To fasten the rebuild, you can:

```
cd /usr/src

ln -sf linux-2.6.12-suspend2-r2 linux

cp linux-2.6.12-gentoo-r4/.config linux/.config

cd linux

make oldconfig
```

----------

## Luc484

Sorry but I'm not familiar wiith these things. I can't understand this: when you emerge suspend2 does emerge take the current kernel I have and adds its modules or it uses a predefined kernel version with its addictions?

Thanks for your help on this.

----------

## pem

From what I've seen, I guess it takes the gentoo-sources-2.6.12-r4 and it applies its patches to create a completely new kernel 2.6.12-suspend2-r2. Thus, by using your .config from the gentoo-sources-2.6.12-r4, you only specify the new options  :Wink: 

Unfortunately on my side, I need some other external modules: ndiswrapper and nvidia. It worked out nicely for nvidia but it did not even compile for the ndiswrapper. That's sad because, this time, this SwSuspend goes a bit farther than the previous one.

----------

## Luc484

I installed klaptopdaemon to manage the power. I tried the button "suspend" but it seems it doesn't work. When I click it, the system terminates the tasks correctly, but then I cannot resume the system. If I close the lid and then I reopen it, the system shuts down and tells me there was a resume fail, then the system boots.

I was wondering what is the difference between this way of managing the power and the use of suspend2 we were talking before.

Hi and thanks.

----------

## kitano

yo luc,

tell us, what model of laptop do you have. what is it, what graphics card does it have. this stuff is extra important for suspend. i own an ibm t42p, and it was hell to configure. but finally, it works like a charm and just keeps on humming!

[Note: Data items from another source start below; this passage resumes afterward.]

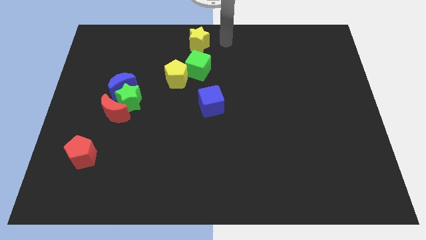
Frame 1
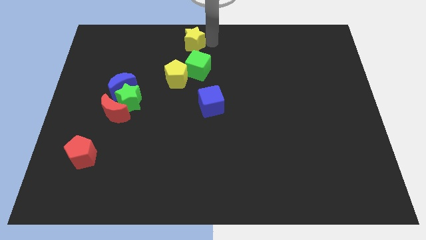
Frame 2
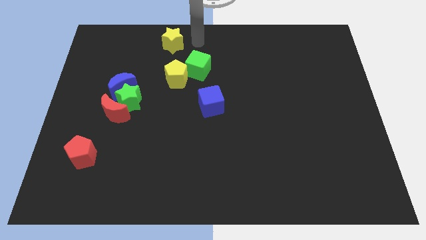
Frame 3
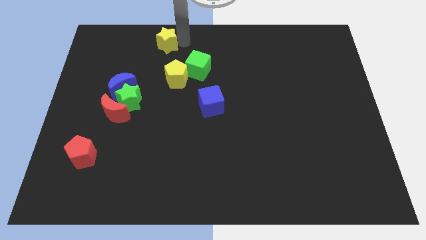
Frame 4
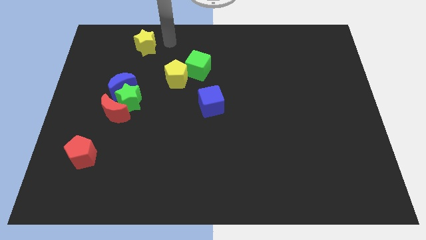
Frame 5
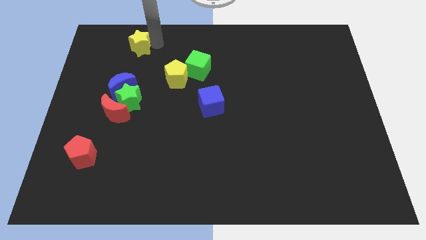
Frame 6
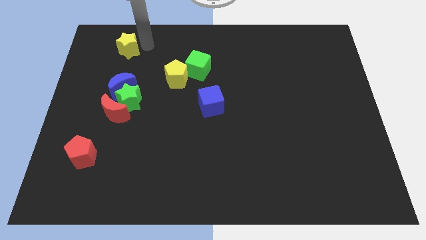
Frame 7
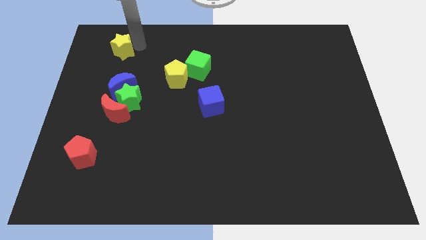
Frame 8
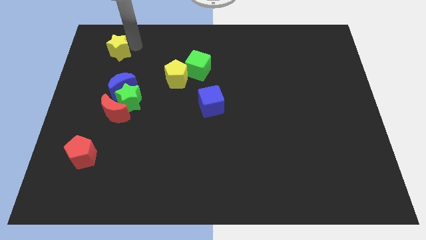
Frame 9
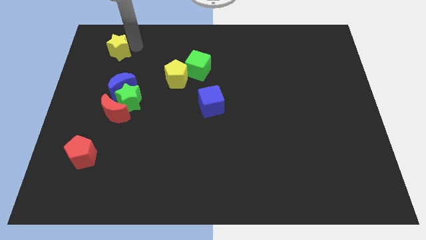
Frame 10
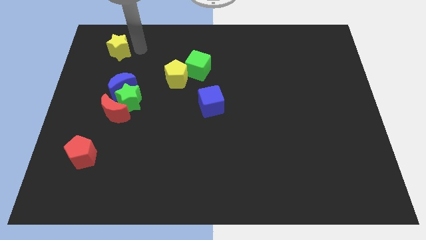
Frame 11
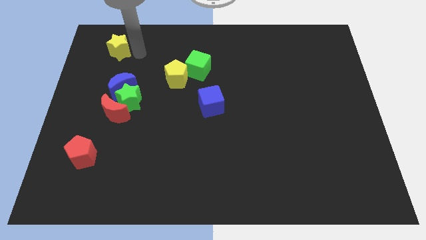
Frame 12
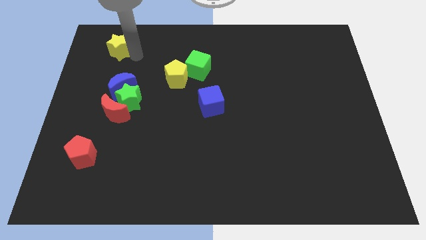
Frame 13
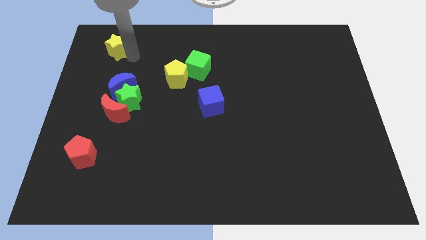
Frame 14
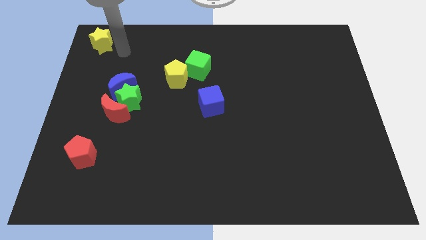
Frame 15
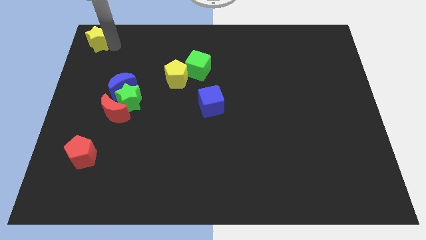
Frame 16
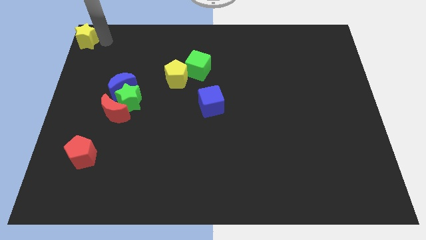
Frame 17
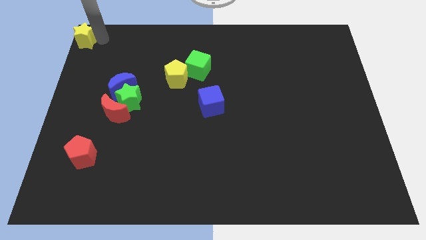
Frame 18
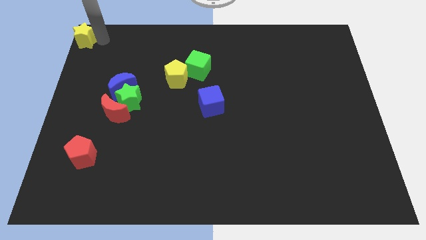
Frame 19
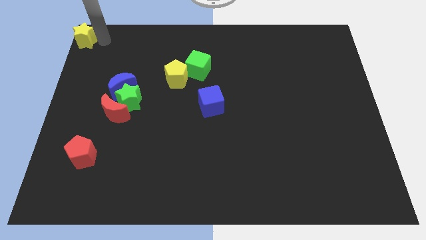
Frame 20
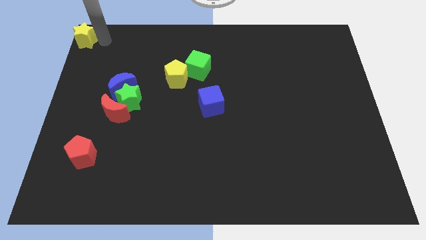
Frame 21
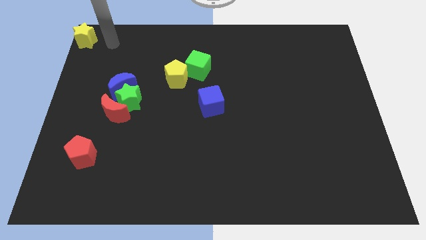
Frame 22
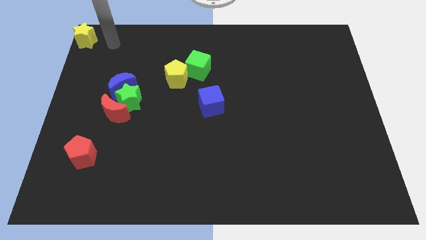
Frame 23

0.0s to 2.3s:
move the yellow star to the top left corner of the board

btw: suspend2-sources is based on gentoo-sources with the same release (-r2).

peeking into 

```
emerge -s suspend2-sources
```

 helps sometimes  :Wink: 

kitano

----------

## Luc484

My laptop is a Toshiba Satellite A60-160. The graphic card is a ATI Radeon Mobile 7000. I just configured the new kernel for suspend2. I'm gonna continue to follow the guide to see if this works. One question I have is whether klaptopdaemon can use this suspend software to suspend the system (supposing it works of course  :Smile: ).

Hi and thanks for your help.

----------

## kitano

sorry, i don't know nothing about kde so far. i am a fluxbox user, an pretty happy with it =)

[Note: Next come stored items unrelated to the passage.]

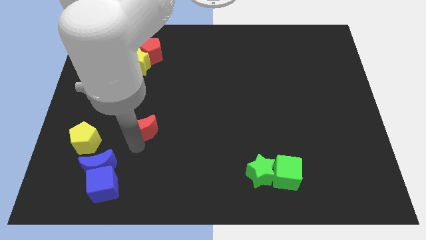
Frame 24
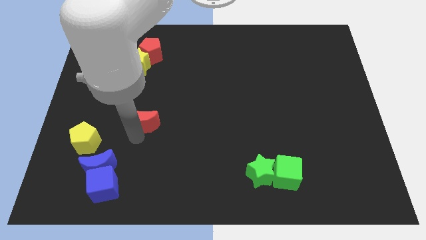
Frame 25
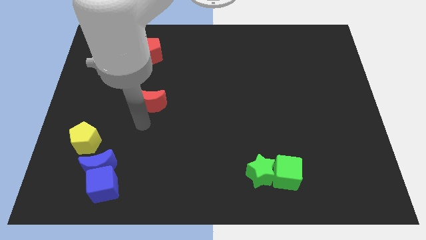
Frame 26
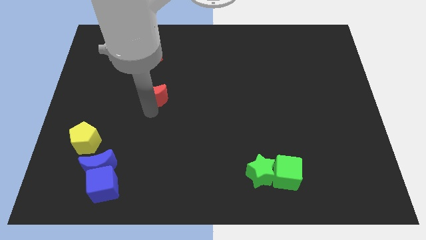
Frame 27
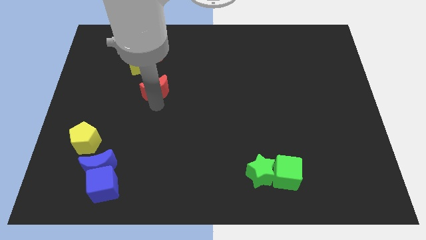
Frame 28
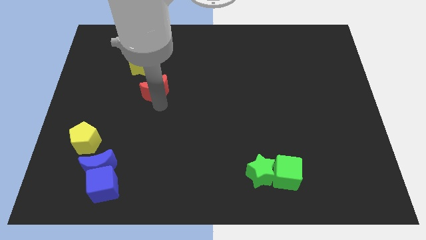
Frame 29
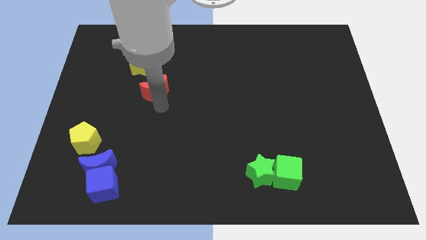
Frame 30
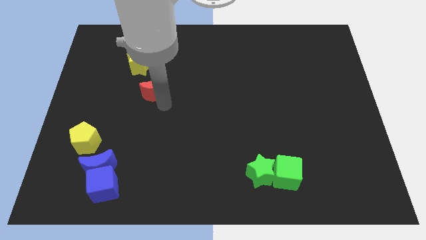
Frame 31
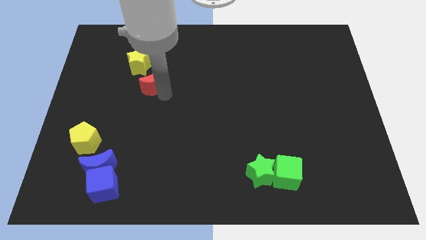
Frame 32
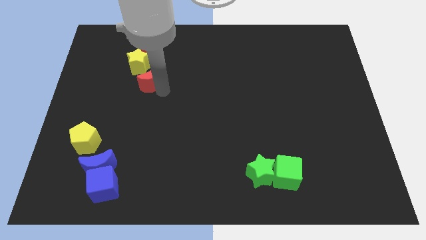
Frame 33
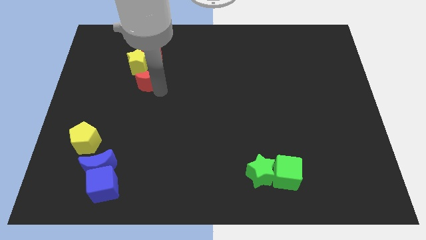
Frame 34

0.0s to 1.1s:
move the red crescent below the yellow star

for X11, what drivers are you using to get your ati card running. if you use fglrx - which are the proprietary drivers from ati - there are a few things you have to keep in your mind when suspending. first of all, the ati-drivers are not able to resume from a suspend state.

the good news: there's a work-around. it's got to do with vbetool and stuff, you can read here, how it is done:

https://forums.gentoo.org/viewtopic-t-347522-highlight-.html

cheers, kitano

----------

## Luc484

No I don't think I used the proprietary drivers.

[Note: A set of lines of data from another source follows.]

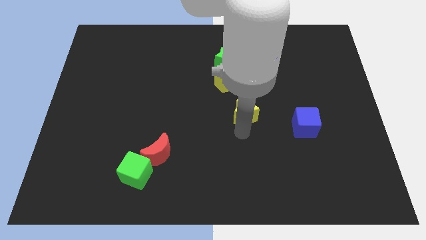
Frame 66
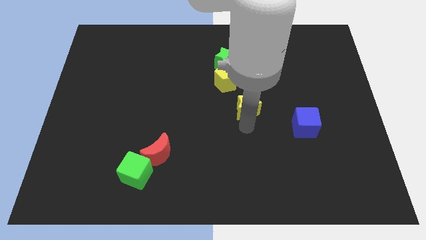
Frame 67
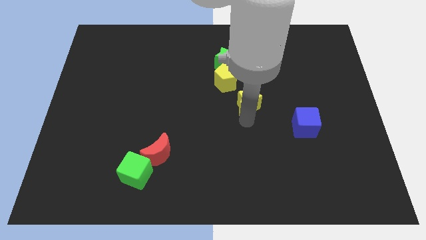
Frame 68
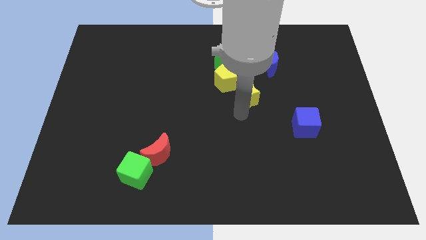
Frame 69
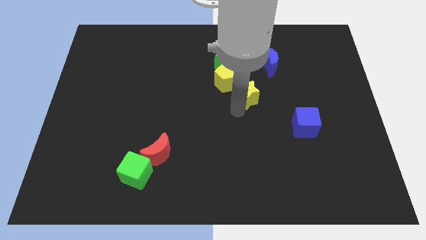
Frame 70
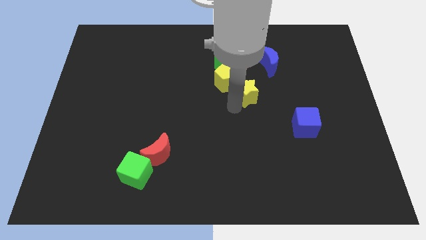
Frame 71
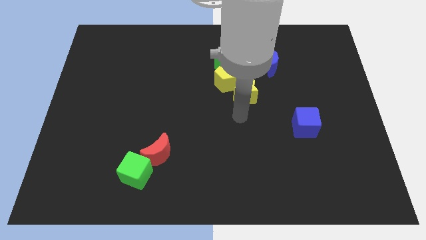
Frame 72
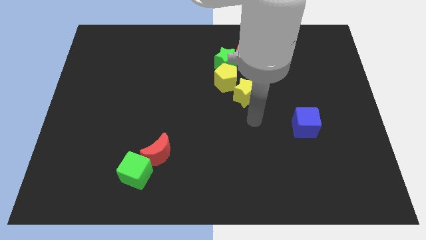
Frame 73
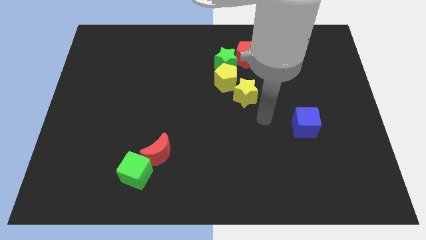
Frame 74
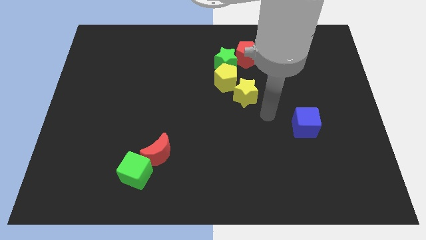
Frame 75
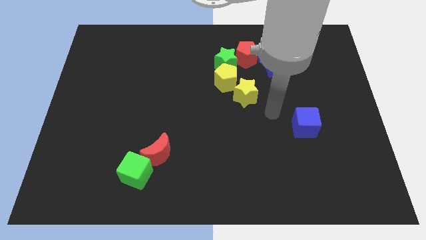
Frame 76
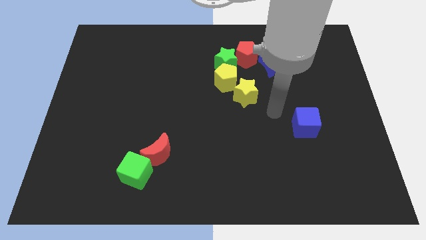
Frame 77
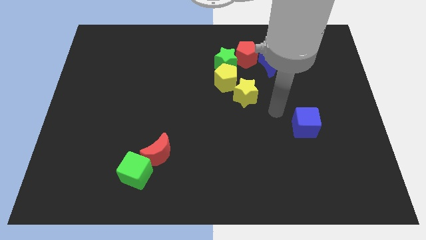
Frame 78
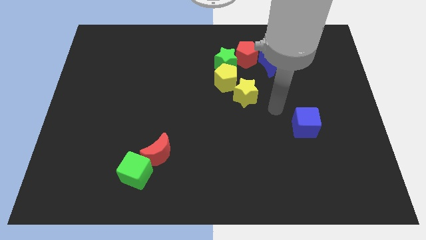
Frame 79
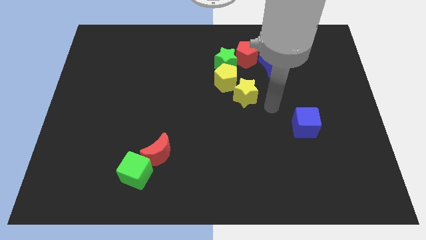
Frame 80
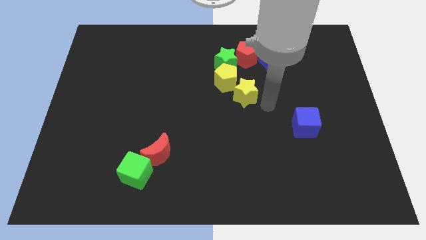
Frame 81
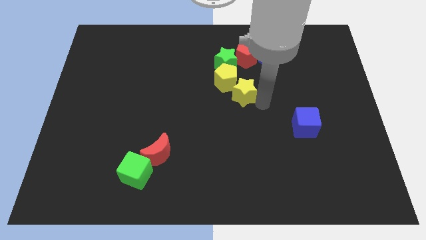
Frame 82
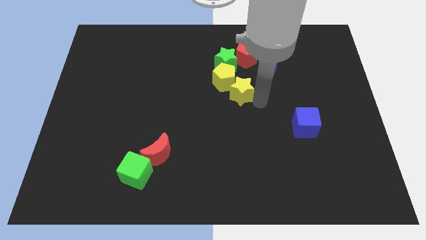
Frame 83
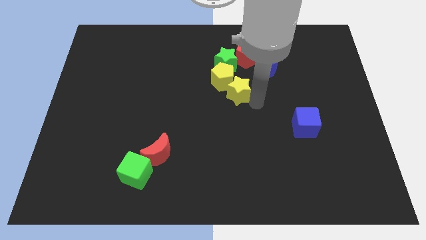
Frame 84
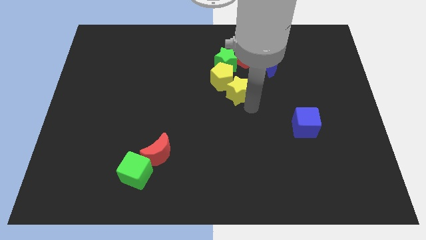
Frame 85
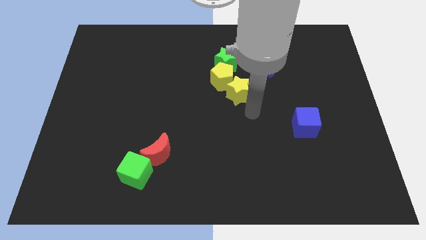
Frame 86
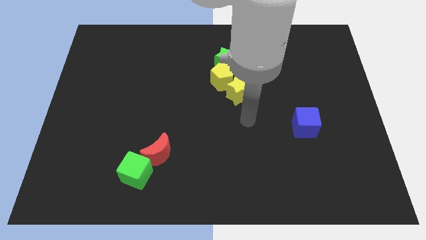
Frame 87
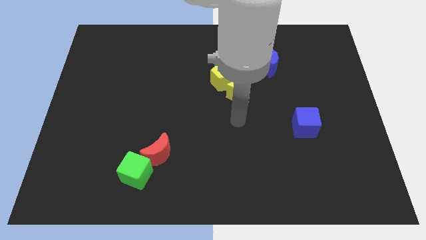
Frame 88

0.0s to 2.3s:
push the yellow star into the yellow pentagon

I have to say though that when I suspend the system, everything seems to work ok. The leds changes and its ok. When I want to resume, I click the power button, and led's colors change back again. The problem is that the monitor remains black.

----------

## kitano

well, let's get this organized. did you try the new sources, or are you still with your old kernel?

when you got the suspend2-sources running,

please post:

```
uname -a
```

and

your xorg.conf (the relevant parts may be enough, like device section of your graphics adapter)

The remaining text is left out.